WORK ITEM: From the line containing "Aerial imagery of" through the last line of the entries below, transcribe each line exactly, excluding any picture.

RECORDED INFORMATION:
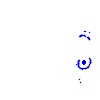
Particle: proton
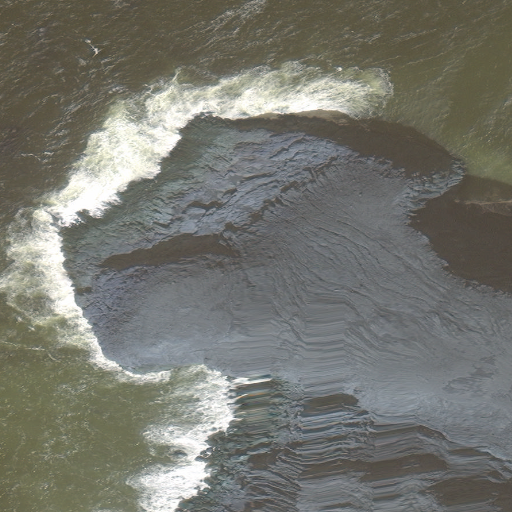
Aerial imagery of cape in Alaska named Kagalux containing only unknown
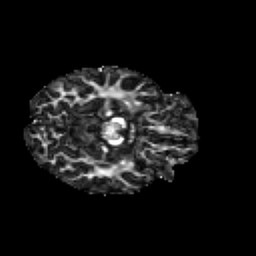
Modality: FA
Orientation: axial
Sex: female
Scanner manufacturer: siemens
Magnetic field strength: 3 T
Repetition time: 5 s
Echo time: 0.071 s
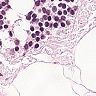
Metastatic tissue present: no
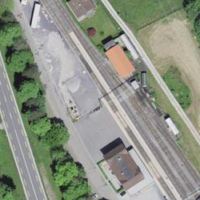
EUNIS habitat code: 57
Species observed at this site:
Allium ursinum
Vincetoxicum hirundinaria
Fagus sylvatica
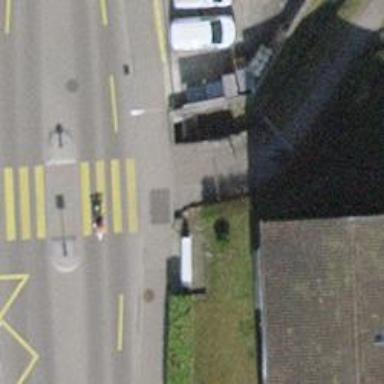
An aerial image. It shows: Double cycle barrier is in place.
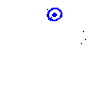
Particle: pion
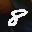
Label: 8
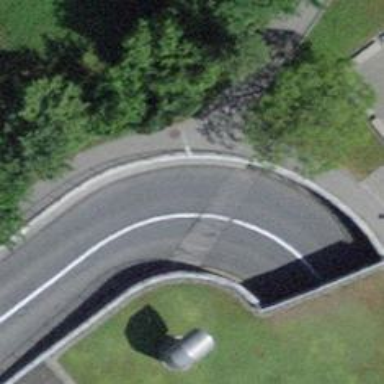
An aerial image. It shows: Retaining wall.
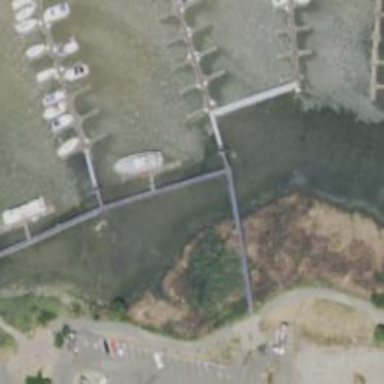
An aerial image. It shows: Pier located along footway.
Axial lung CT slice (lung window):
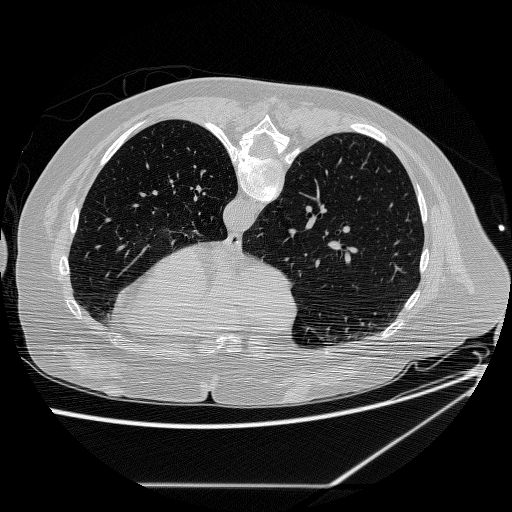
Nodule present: no

RESULT OF THIS TASK:
Aerial imagery of cape in Alaska named Kagalux containing only unknown
Modality: FA
Orientation: axial
Sex: female
Scanner manufacturer: siemens
Magnetic field strength: 3 T
Repetition time: 5 s
Echo time: 0.071 s
Metastatic tissue present: no
EUNIS habitat code: 57
Species observed at this site:
Allium ursinum
Vincetoxicum hirundinaria
Fagus sylvatica
An aerial image. It shows: Double cycle barrier is in place.
Particle: pion
Label: 8
An aerial image. It shows: Retaining wall.
An aerial image. It shows: Pier located along footway.
Axial lung CT slice (lung window):
Nodule present: no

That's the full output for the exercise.